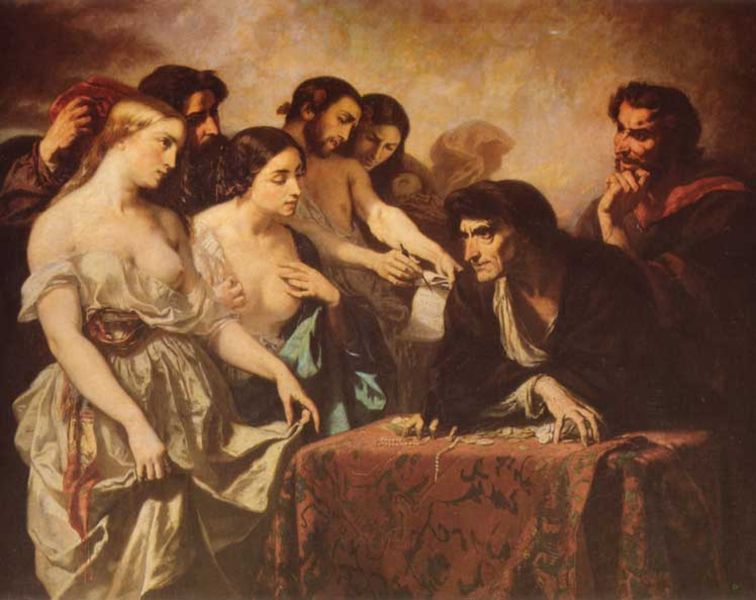
Titel: L'Amour de l'or
Künstler: Thomas Couture
Standort: Toulouse
Institution: Musée des Augustins
Schlagwörter: akt, blau, dunkel, feder, gemälde, gruppe, hand, haut, himmel, mann, nackt, schatten, weiß, wolken, frauen, gelb, grün, menschen, mädchen, sitzen, braun, brust, busen, finger, frau, frisur, haar, hell, kleid, kleider, licht, männer, nase, orange, schmuck, schwarz, stirn, tisch, blick, gürtel, rot, tuch, beige, malerei, muster, ornament, rock, teppich, alt, bart, blond, gericht, gesichter, hemd, jung, wand, arm, arme, barock, böse, falten, gesicht, historie, mensch, stehen, ärmel, bild, hände, tischdecke, tischtuch, gewand, gold, haare, kutte, schnüre, stoff, stoffe, decke, händler, personen, prostituierte, augenbrauen, brünett, locken, perlen, schultern, seide, handel, helldunkel, brüste, dutt, papier, düster, beobachten, zöpfe, schürzen, kette, markt, ausdruck, romantik, historienbild, tafel, brauen, glanz, ornamente, muse, faltenwurf, halbakt, brustwarzen, erotik, zeigen, aufstützen, oberkörper, perlenkette, entblößt, spiel, nacktheit, denken, zettel, orient, geld, jugend, schönheit, ketten, schawrz, auswahl, krallen, stift, jesus, schreiben, geflochten, entblöst, griechen, teufel, gier, lust, sage, musen, abstützen, schatte, kralle, balu, chiaroscuro, räuber, zeiger, sklaven, bezahlen, post, begutachten, entblößung, münzen, begutachtung, sklavinnen, liste, geldwechsler, pfandleiher, sklavenhandel, darbieten, sehr, wahrsager, haemd, lüsternheit, mädchenhändler, reize, schönhet, wucherer, pfand, altfrauen, güprtel, raffgierig, arkt, frauen. hell
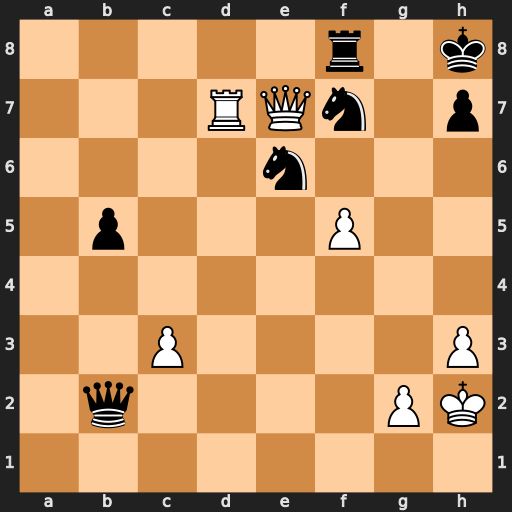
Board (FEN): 5r1k/3RQn1p/4n3/1p3P2/8/2P4P/1q4PK/8
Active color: w
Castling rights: -
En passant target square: -
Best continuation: fxe6 Rg8 Qf6+
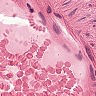
Metastatic tissue present: no
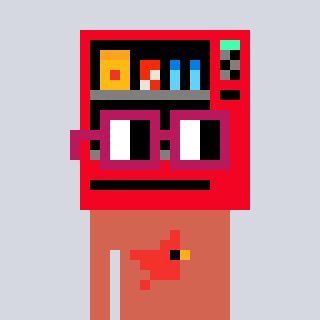
a pixel art character with square dark red glasses, a vending machine-shaped head and a peachy-colored body on a cool background
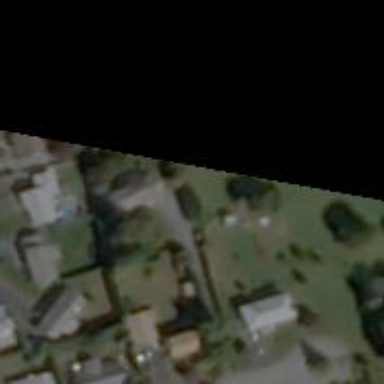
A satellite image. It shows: Driveway.
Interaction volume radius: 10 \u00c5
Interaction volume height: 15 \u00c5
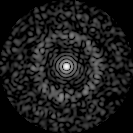
Disorder parameter: 0.8314

______________________________

- [Task directions]: Only lines holding the word "Interaction" belong in the answer; copy all of them from the records.

- [Written solution]:
Interaction volume radius: 10 \u00c5
Interaction volume height: 15 \u00c5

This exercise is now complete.